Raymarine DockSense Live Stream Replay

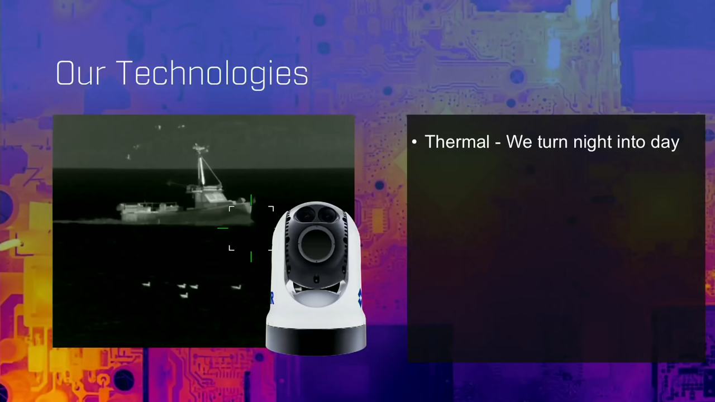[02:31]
We are the world leader in maritime thermal. We turn night into day with our thermal camera technologies. But we also go beyond thermal, and we also make visible cameras.
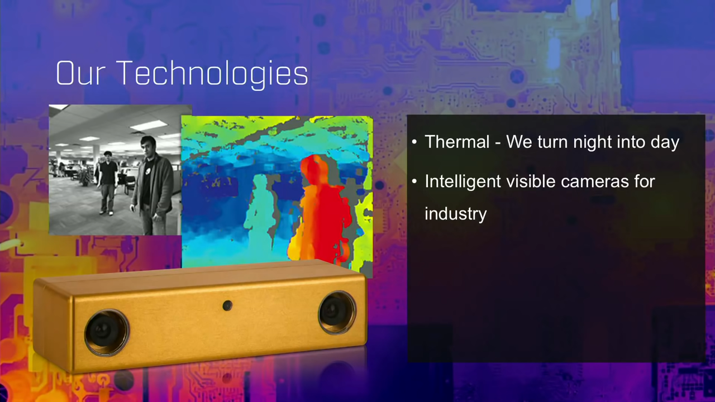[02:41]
So what you're seeing here, this is actually a stereo camera that's used in industrial applications. This particular one can actually be used in a retail space to count people.
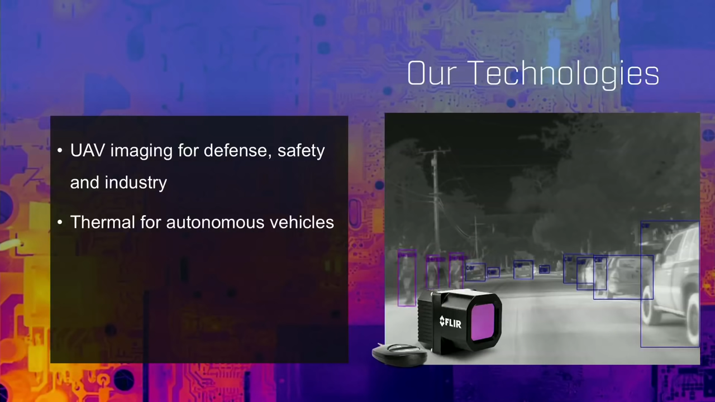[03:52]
I mean, that is the, that industry is going very fast, and so we believe thermal is going to play an integral part in the future of autonomous vehicles.
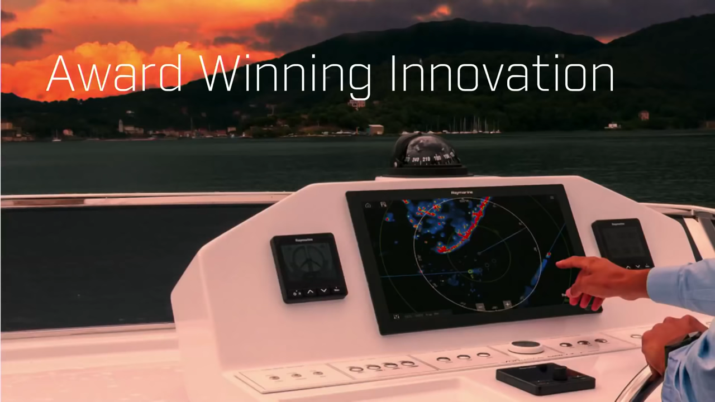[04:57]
And then we've also just previously increased the size of the line with our Axiom XL.
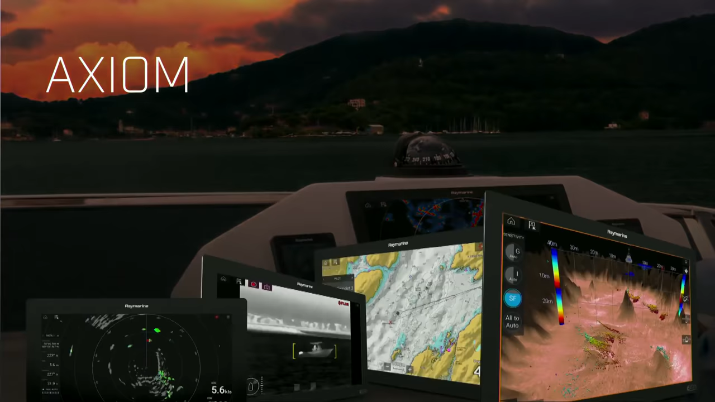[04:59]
So now we have a full MFD solution down from a 7-inch right up to a 24-inch, all powered by our very intuitive and simple Lighthouse 3 operating system.
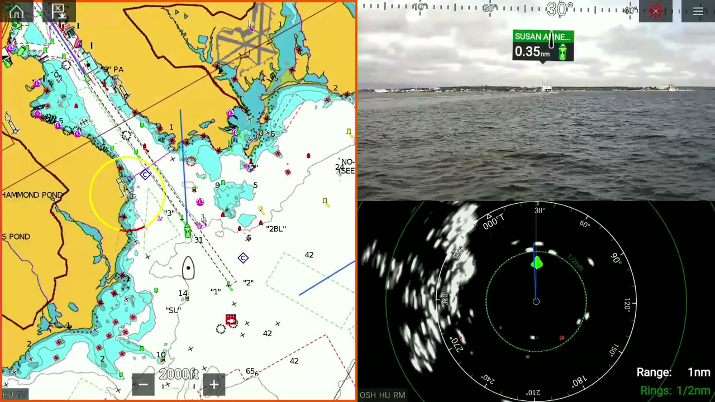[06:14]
It's a great application for boaters that may be visiting a new destination that they haven't been to before, and this really helps correlate what you're seeing on the electronic chart with the real world.
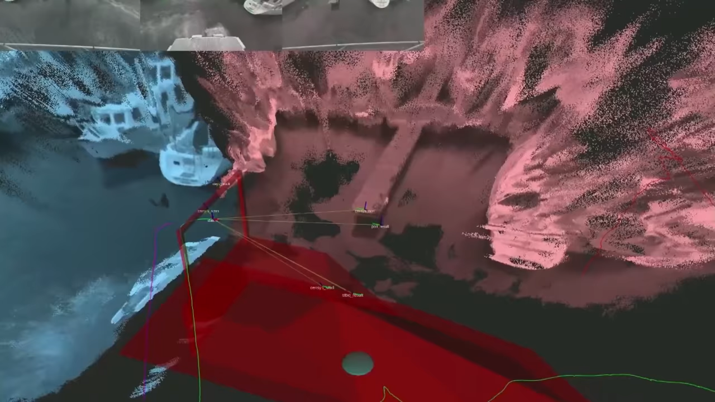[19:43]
We're taking that data, stripping out the water plane,
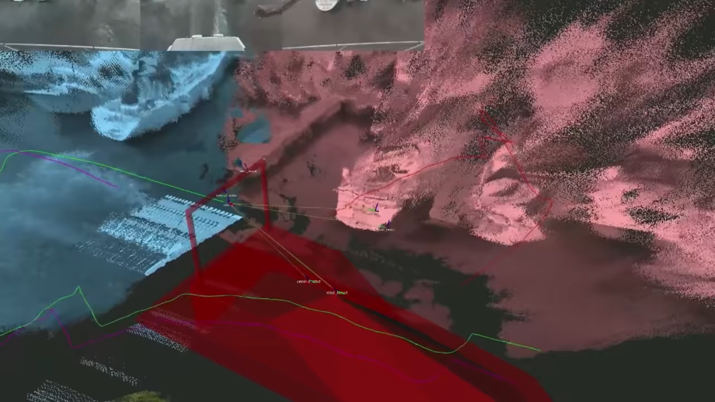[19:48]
sensing what's above the water, and then preventing the boat from colliding with it.
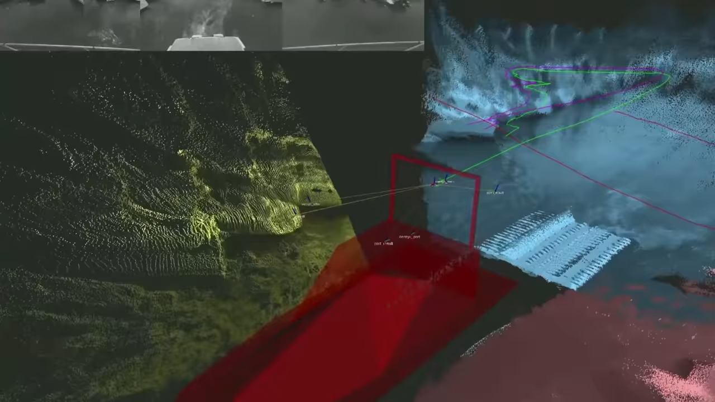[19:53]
There's a lot of data
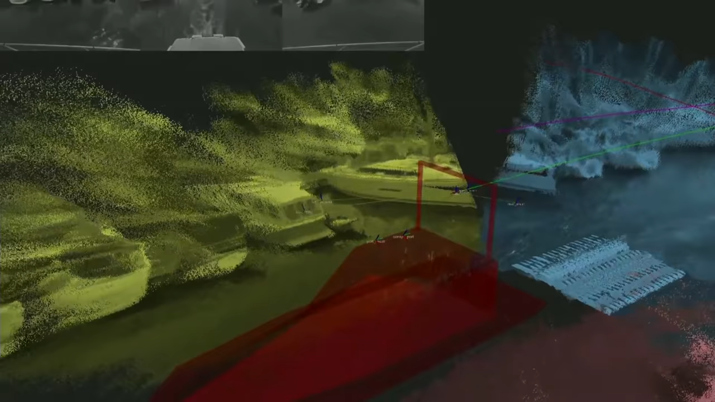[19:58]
that is being processed at one time from five or so cameras.

WHAT YOU SHOULD DO
Output the whole of the data, unchanged; keep the pictures out.

OUTPUT
Raymarine DockSense Live Stream Replay

[02:31]
We are the world leader in maritime thermal. We turn night into day with our thermal camera technologies. But we also go beyond thermal, and we also make visible cameras.
[02:41]
So what you're seeing here, this is actually a stereo camera that's used in industrial applications. This particular one can actually be used in a retail space to count people.
[03:52]
I mean, that is the, that industry is going very fast, and so we believe thermal is going to play an integral part in the future of autonomous vehicles.
[04:57]
And then we've also just previously increased the size of the line with our Axiom XL.
[04:59]
So now we have a full MFD solution down from a 7-inch right up to a 24-inch, all powered by our very intuitive and simple Lighthouse 3 operating system.
[06:14]
It's a great application for boaters that may be visiting a new destination that they haven't been to before, and this really helps correlate what you're seeing on the electronic chart with the real world.
[19:43]
We're taking that data, stripping out the water plane,
[19:48]
sensing what's above the water, and then preventing the boat from colliding with it.
[19:53]
There's a lot of data
[19:58]
that is being processed at one time from five or so cameras.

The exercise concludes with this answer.